One thing the system made possible was better insight into reported problems that had previously been just hearsay, McBurney noted. It's helped BT assess issues such as things that look fine on the server side but go wrong on the client side. Typically, it's something the call center agent is doing.

"It all runs in browsers, so what can happen is, if machines aren't up to spec or [are] running another app like Facebook, that can affect performance or the perceived performance of Siebel," he said. "It's obvious when you have workflows coming out. We also interface. Siebel is not the only system on the desktop. Ideally, it would be, but they still need to use other systems."

On other occasions, they've found the agent's machine itself may be what's slow. With the workflows coming from Knoa, BT's engineers have a better sense of where to look for problems, McBurney said.

In another example, end-user experience monitoring allows BT to track problems with its computer telephony integration (CTI). The integration between the phone call and the agent desktop happens in Siebel and presents a progress bar in a Siebel window, but in certain cases the interaction doesn't complete correctly. In that case, agents have a procedure to follow or else the CTI progress bar doesn't launch correctly. Knoa allows BT to see this in real time.

With the user experience monitoring, BT also tracks agents' navigation through Siebel and can help determine the best path.

"When agents go off track, that can be picked up and we can take that as a model to certain product [lines]," McBurney said. "We mount those ideal journeys and compare those with what live agents are doing and put that to agents or coaches where they are."
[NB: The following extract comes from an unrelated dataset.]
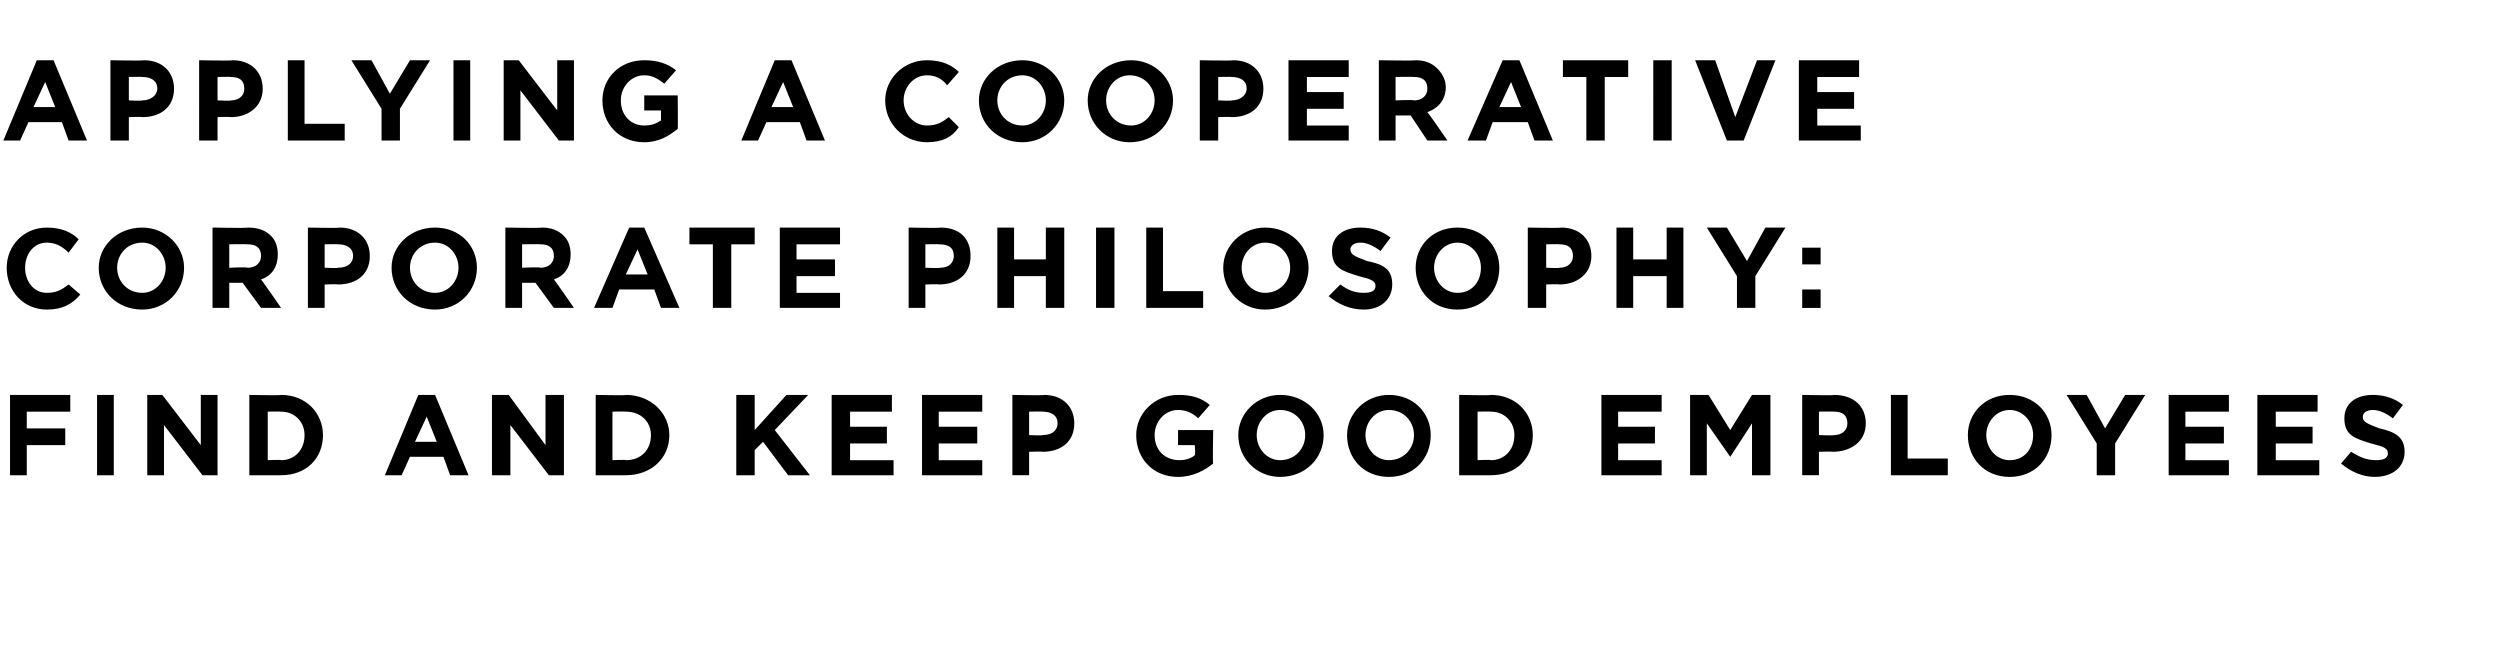 <?xml version="1.0" standalone="no"?><!DOCTYPE svg PUBLIC "-//W3C//DTD SVG 1.1//EN" "http://www.w3.org/Graphics/SVG/1.1/DTD/svg11.dtd"><svg xmlns="http://www.w3.org/2000/svg" version="1.1" width="149.4px" height="38.6px" viewBox="0 -2 149.4 38.6" style="top:-2px"><desc>applying a cooperative corporate philosophy: Find and Keep Good Employees</desc><defs/><g id="Polygon52335"><path d="m.6 21.6h3.6v1H1.6v1h2.3v1H1.6v1.8h-1v-4.8zm5.2 0h1v4.8h-1v-4.8zm3 0h.9l2.3 3v-3h1v4.8h-.9l-2.3-3v3h-1v-4.8zm6.1 0s1.88.04 1.9 0c1.5 0 2.5 1.1 2.5 2.4c0 1.4-1 2.4-2.5 2.4h-1.9v-4.8zm1.1 1v2.9s.78-.04.8 0c.8 0 1.4-.6 1.4-1.5c0-.8-.6-1.4-1.4-1.4c-.02-.02-.8 0-.8 0zm9-1h1l2 4.8h-1.1l-.4-1.1h-2l-.5 1.1h-1l2-4.8zm1.1 2.8l-.6-1.5l-.7 1.5h1.3zm3.3-2.8h1l2.2 3v-3h1.1v4.8h-.9l-2.3-3v3h-1.1v-4.8zm6.2 0s1.84.04 1.8 0c1.5 0 2.6 1.1 2.6 2.4c0 1.4-1.1 2.4-2.6 2.4h-1.8v-4.8zm1 1v2.9s.84-.04.8 0c.9 0 1.5-.6 1.5-1.5c0-.8-.6-1.4-1.5-1.4c.04-.02-.8 0-.8 0zm7.4-1h1.1v2.1l1.9-2.1h1.3l-2 2.1l2.1 2.7h-1.3l-1.5-2l-.5.5v1.5H44v-4.8zm5.7 0h3.6v1h-2.5v.9h2.2v1h-2.2v1h2.6v.9h-3.7v-4.8zm5.4 0h3.6v1h-2.6v.9h2.3v1h-2.3v1h2.6v.9h-3.6v-4.8zm5.4 0s1.91.04 1.9 0c1.1 0 1.8.7 1.8 1.7c0 1.1-.8 1.7-1.9 1.7c.01-.03-.8 0-.8 0v1.4h-1v-4.8zm1.8 2.4c.6 0 .9-.3.9-.7c0-.5-.4-.7-.9-.7c.02-.02-.8 0-.8 0v1.4s.84.04.8 0zm5.6 0c0-1.3 1.1-2.4 2.5-2.4c.9 0 1.4.2 1.9.6l-.7.8c-.3-.3-.7-.5-1.2-.5c-.8 0-1.4.7-1.4 1.5c0 .9.6 1.5 1.5 1.5c.3 0 .7-.1.9-.3c.05.04 0-.6 0-.6h-1v-.9h2.1s-.04 2.03 0 2c-.5.4-1.2.8-2.1.8c-1.5 0-2.5-1.1-2.5-2.5zm6.1 0c0-1.3 1.1-2.4 2.5-2.4c1.5 0 2.6 1.1 2.6 2.4c0 1.4-1.1 2.5-2.6 2.5c-1.4 0-2.5-1.1-2.5-2.5zm4 0c0-.8-.6-1.5-1.5-1.5c-.8 0-1.4.7-1.4 1.5c0 .8.6 1.5 1.4 1.5c.9 0 1.5-.7 1.5-1.5zm2.5 0c0-1.3 1.1-2.4 2.5-2.4c1.5 0 2.5 1.1 2.5 2.4c0 1.4-1 2.5-2.5 2.5c-1.5 0-2.5-1.1-2.5-2.5zm4 0c0-.8-.6-1.5-1.5-1.5c-.8 0-1.4.7-1.4 1.5c0 .8.6 1.5 1.4 1.5c.9 0 1.5-.7 1.5-1.5zm2.7-2.4s1.87.04 1.9 0c1.5 0 2.5 1.1 2.5 2.4c0 1.4-1 2.4-2.5 2.4h-1.9v-4.8zm1.1 1v2.9s.77-.04.8 0c.8 0 1.4-.6 1.4-1.5c0-.8-.6-1.4-1.4-1.4c-.03-.02-.8 0-.8 0zm7.4-1h3.6v1h-2.6v.9h2.2v1h-2.2v1h2.6v.9h-3.6v-4.8zm5.3 0h1.1l1.3 2.1l1.3-2.1h1.1v4.8h-1.1v-3.1l-1.3 2l-1.4-2v3.1h-1v-4.8zm6.7 0s1.95.04 1.9 0c1.2 0 1.9.7 1.9 1.7c0 1.1-.9 1.7-2 1.7c.04-.03-.8 0-.8 0v1.4h-1v-4.8zm1.9 2.4c.5 0 .8-.3.8-.7c0-.5-.3-.7-.8-.7c-.04-.02-.9 0-.9 0v1.4s.88.04.9 0zm3.4-2.4h1v3.8h2.4v1H113v-4.8zm4.6 2.4c0-1.3 1-2.4 2.5-2.4c1.5 0 2.5 1.1 2.5 2.4c0 1.4-1 2.5-2.5 2.5c-1.5 0-2.5-1.1-2.5-2.5zm3.9 0c0-.8-.6-1.5-1.4-1.5c-.8 0-1.4.7-1.4 1.5c0 .8.6 1.5 1.4 1.5c.9 0 1.4-.7 1.4-1.5zm3.8.5l-1.8-2.9h1.2l1.1 2l1.2-2h1.2l-1.8 2.9v1.9h-1.1v-1.9zm4.3-2.9h3.6v1h-2.6v.9h2.3v1h-2.3v1h2.6v.9h-3.6v-4.8zm5.3 0h3.6v1H136v.9h2.2v1H136v1h2.6v.9h-3.7v-4.8zm5 4.1l.6-.7c.5.3.9.5 1.5.5c.4 0 .7-.1.7-.4c0-.3-.2-.4-1-.6c-1-.3-1.6-.5-1.6-1.5c0-.9.7-1.4 1.7-1.4c.7 0 1.3.2 1.8.6l-.6.8c-.4-.3-.8-.5-1.2-.5c-.4 0-.6.2-.6.4c0 .3.2.4 1 .7c.9.2 1.5.5 1.5 1.4c0 .9-.7 1.5-1.8 1.5c-.7 0-1.4-.3-2-.8z" stroke="none" fill="#000"/></g><g id="Polygon52334"><path d="m.4 14c0-1.3 1-2.4 2.4-2.4c.9 0 1.5.3 1.9.7l-.6.8c-.4-.4-.8-.6-1.3-.6c-.8 0-1.3.7-1.3 1.5c0 .8.5 1.5 1.3 1.5c.6 0 .9-.2 1.3-.5l.7.6c-.5.6-1.1.9-2 .9C1.4 16.5.4 15.4.4 14zm5.5 0c0-1.3 1.1-2.4 2.6-2.4c1.4 0 2.5 1.1 2.5 2.4c0 1.4-1.1 2.5-2.5 2.5c-1.5 0-2.6-1.1-2.6-2.5zm4 0c0-.8-.6-1.5-1.4-1.5c-.9 0-1.5.7-1.5 1.5c0 .8.6 1.5 1.5 1.5c.8 0 1.4-.7 1.4-1.5zm2.8-2.4s2.15.04 2.1 0c.7 0 1.1.2 1.4.5c.3.3.4.7.4 1.1c0 .8-.4 1.3-1 1.5c.02 0 1.2 1.7 1.2 1.7h-1.2l-1.1-1.5h-.8v1.5h-1v-4.8zm2.1 2.4c.5 0 .8-.3.8-.7c0-.5-.3-.7-.8-.7c-.04-.02-1.1 0-1.1 0v1.4s1.08-.05 1.1 0zm3.6-2.4s1.9.04 1.9 0c1.1 0 1.8.7 1.8 1.7c0 1.1-.8 1.7-1.9 1.7c0-.03-.8 0-.8 0v1.4h-1v-4.8zm1.8 2.4c.6 0 .9-.3.9-.7c0-.5-.4-.7-.9-.7c.01-.02-.8 0-.8 0v1.4s.83.04.8 0zm3.2 0c0-1.3 1.1-2.4 2.6-2.4c1.5 0 2.5 1.1 2.5 2.4c0 1.4-1.1 2.5-2.5 2.5c-1.5 0-2.6-1.1-2.6-2.5zm4 0c0-.8-.6-1.5-1.4-1.5c-.9 0-1.5.7-1.5 1.5c0 .8.6 1.5 1.5 1.5c.8 0 1.4-.7 1.4-1.5zm2.8-2.4s2.15.04 2.2 0c.6 0 1 .2 1.3.5c.3.3.4.7.4 1.1c0 .8-.4 1.3-1 1.5c.03 0 1.2 1.7 1.2 1.7h-1.2L32 14.9h-.8v1.5h-1v-4.8zm2.1 2.4c.5 0 .8-.3.8-.7c0-.5-.3-.7-.8-.7c-.03-.02-1.1 0-1.1 0v1.4s1.09-.05 1.1 0zm5.3-2.4h.9l2.1 4.8h-1.1l-.4-1.1H37l-.4 1.1h-1.1l2.1-4.8zm1.1 2.8l-.6-1.5l-.7 1.5h1.3zm3.9-1.8h-1.4v-1h3.9v1h-1.4v3.8h-1.1v-3.8zm4-1h3.6v1h-2.6v.9h2.3v1h-2.3v1h2.6v.9h-3.6v-4.8zm7.7 0s1.92.04 1.9 0c1.2 0 1.8.7 1.8 1.7c0 1.1-.8 1.7-1.9 1.7c.02-.03-.8 0-.8 0v1.4h-1v-4.8zm1.9 2.4c.5 0 .8-.3.8-.7c0-.5-.3-.7-.9-.7c.03-.02-.8 0-.8 0v1.4s.85.04.9 0zm3.4-2.4h1v1.9h1.9v-1.9h1.1v4.8h-1.1v-1.9h-1.9v1.9h-1v-4.8zm5.9 0h1.1v4.8h-1.1v-4.8zm3 0h1v3.8h2.4v1h-3.4v-4.8zm4.6 2.4c0-1.3 1.1-2.4 2.5-2.4c1.5 0 2.6 1.1 2.6 2.4c0 1.4-1.1 2.5-2.6 2.5c-1.4 0-2.5-1.1-2.5-2.5zm4 0c0-.8-.6-1.5-1.5-1.5c-.8 0-1.4.7-1.4 1.5c0 .8.6 1.5 1.4 1.5c.9 0 1.5-.7 1.5-1.5zm2.3 1.7l.7-.7c.4.3.8.5 1.4.5c.4 0 .7-.1.7-.4c0-.3-.2-.4-1-.6c-1-.3-1.6-.5-1.6-1.5c0-.9.7-1.4 1.7-1.4c.7 0 1.3.2 1.8.6l-.6.8c-.4-.3-.8-.5-1.2-.5c-.4 0-.6.2-.6.4c0 .3.2.4 1 .7c1 .2 1.5.5 1.5 1.4c0 .9-.7 1.5-1.7 1.5c-.8 0-1.5-.3-2.1-.8zm5.2-1.7c0-1.3 1-2.4 2.5-2.4c1.5 0 2.5 1.1 2.5 2.4c0 1.4-1 2.5-2.5 2.5c-1.5 0-2.5-1.1-2.5-2.5zm3.9 0c0-.8-.6-1.5-1.4-1.5c-.8 0-1.4.7-1.4 1.5c0 .8.6 1.5 1.4 1.5c.9 0 1.4-.7 1.4-1.5zm2.8-2.4s1.96.04 2 0c1.1 0 1.8.7 1.8 1.7c0 1.1-.9 1.7-1.9 1.7c-.05-.03-.8 0-.8 0v1.4h-1.1v-4.8zm1.9 2.4c.5 0 .8-.3.8-.7c0-.5-.3-.7-.8-.7c-.03-.02-.8 0-.8 0v1.4s.79.04.8 0zm3.4-2.4h1v1.9h2v-1.9h1v4.8h-1v-1.9h-2v1.9h-1v-4.8zm7.2 2.9l-1.8-2.9h1.2l1.2 2l1.1-2h1.2l-1.8 2.9v1.9h-1.1v-1.9zm3.9-1.7h1.1v1h-1.1v-1zm0 2.5h1.1v1.1h-1.1v-1.1z" stroke="none" fill="#000"/></g><g id="Polygon52333"><path d="m2.2 1.6h1l2 4.8H4.1l-.4-1.1h-2l-.5 1.1h-1l2-4.8zm1.1 2.8l-.6-1.5L2 4.4h1.3zm3.3-2.8s1.99.04 2 0c1.1 0 1.8.7 1.8 1.7c0 1.1-.8 1.7-1.9 1.7c-.01-.03-.8 0-.8 0v1.4H6.6V1.6zM8.5 4c.5 0 .9-.3.9-.7c0-.5-.4-.7-.9-.7c0-.02-.8 0-.8 0v1.4s.82.04.8 0zm3.4-2.4s1.97.04 2 0c1.1 0 1.8.7 1.8 1.7c0 1.1-.9 1.7-1.9 1.7c-.03-.03-.8 0-.8 0v1.4h-1.1V1.6zM13.8 4c.5 0 .8-.3.8-.7c0-.5-.3-.7-.8-.7c-.02-.02-.8 0-.8 0v1.4s.8.04.8 0zm3.4-2.4h1v3.8h2.4v1h-3.4V1.6zm5.6 2.9L21 1.6h1.2l1.1 2l1.2-2h1.2l-1.8 2.9v1.9h-1.1V4.5zm4.3-2.9h1v4.8h-1V1.6zm3 0h.9l2.3 3v-3h1v4.8h-.9l-2.3-3v3h-1V1.6zM36 4c0-1.3 1-2.4 2.5-2.4c.8 0 1.4.2 1.9.6l-.7.8c-.4-.3-.7-.5-1.2-.5c-.8 0-1.4.7-1.4 1.5c0 .9.6 1.5 1.4 1.5c.4 0 .7-.1 1-.3v-.6h-1v-.9h2s.02 2.03 0 2c-.5.4-1.1.8-2 .8C37 6.5 36 5.4 36 4zm10.3-2.4h1l2 4.8h-1.1l-.4-1.1h-2l-.5 1.1h-1l2-4.8zm1.1 2.8l-.6-1.5l-.7 1.5h1.3zm5.5-.4c0-1.3 1.1-2.4 2.5-2.4c.9 0 1.5.3 1.9.7l-.7.8c-.3-.4-.7-.6-1.2-.6c-.8 0-1.4.7-1.4 1.5c0 .8.6 1.5 1.4 1.5c.6 0 .9-.2 1.3-.5l.6.6c-.4.6-1 .9-1.9.9c-1.4 0-2.5-1.1-2.5-2.5zm5.6 0c0-1.3 1.1-2.4 2.6-2.4c1.4 0 2.5 1.1 2.5 2.4c0 1.4-1.1 2.5-2.5 2.5c-1.5 0-2.6-1.1-2.6-2.5zm4 0c0-.8-.6-1.5-1.4-1.5c-.9 0-1.5.7-1.5 1.5c0 .8.6 1.5 1.5 1.5c.8 0 1.4-.7 1.4-1.5zM65 4c0-1.3 1.1-2.4 2.6-2.4c1.4 0 2.5 1.1 2.5 2.4c0 1.4-1.1 2.5-2.6 2.5C66.1 6.5 65 5.4 65 4zm4 0c0-.8-.6-1.5-1.5-1.5c-.8 0-1.4.7-1.4 1.5c0 .8.6 1.5 1.5 1.5c.8 0 1.4-.7 1.4-1.5zm2.7-2.4s1.99.04 2 0c1.1 0 1.8.7 1.8 1.7c0 1.1-.8 1.7-1.9 1.7c-.01-.03-.8 0-.8 0v1.4h-1.1V1.6zM73.6 4c.5 0 .9-.3.9-.7c0-.5-.4-.7-.9-.7c.01-.02-.8 0-.8 0v1.4s.83.04.8 0zM77 1.6h3.6v1h-2.5v.9h2.2v1h-2.2v1h2.5v.9H77V1.6zm5.4 0s2.16.04 2.2 0c.6 0 1 .2 1.3.5c.3.3.5.7.5 1.1c0 .8-.5 1.3-1.1 1.5c.03 0 1.2 1.7 1.2 1.7h-1.2l-1-1.5h-.9v1.5h-1V1.6zM84.5 4c.5 0 .8-.3.8-.7c0-.5-.3-.7-.8-.7c-.03-.02-1.1 0-1.1 0v1.4s1.09-.05 1.1 0zm5.3-2.4h1l2 4.8h-1.1l-.4-1.1h-2.1l-.4 1.1h-1.1l2.1-4.8zm1.1 2.8l-.6-1.5l-.7 1.5h1.3zm3.9-1.8h-1.4v-1h3.9v1h-1.4v3.8h-1.1V2.6zm4-1h1.1v4.8h-1.1V1.6zm2.5 0h1.2l1.2 3.4l1.3-3.4h1.1l-1.9 4.8h-1l-1.9-4.8zm6.2 0h3.6v1h-2.5v.9h2.2v1h-2.2v1h2.6v.9h-3.7V1.6z" stroke="none" fill="#000"/></g></svg>

At the moment, Knoa is the leader in the market for end-user performance monitoring, according to Garbani, though Citrix, IBM and CA all have the technology in some form.

"One of the advantages of these solutions is you can use it on any kind of application -- standard applications, custom or even mainframes," Garbani said. "If we look at the products in the market today, especially network products that are listening to capture rational time, those products are limited to certain kinds of protocols. At the desktop level, anything can be monitored, so it can be generic, which is an advantage."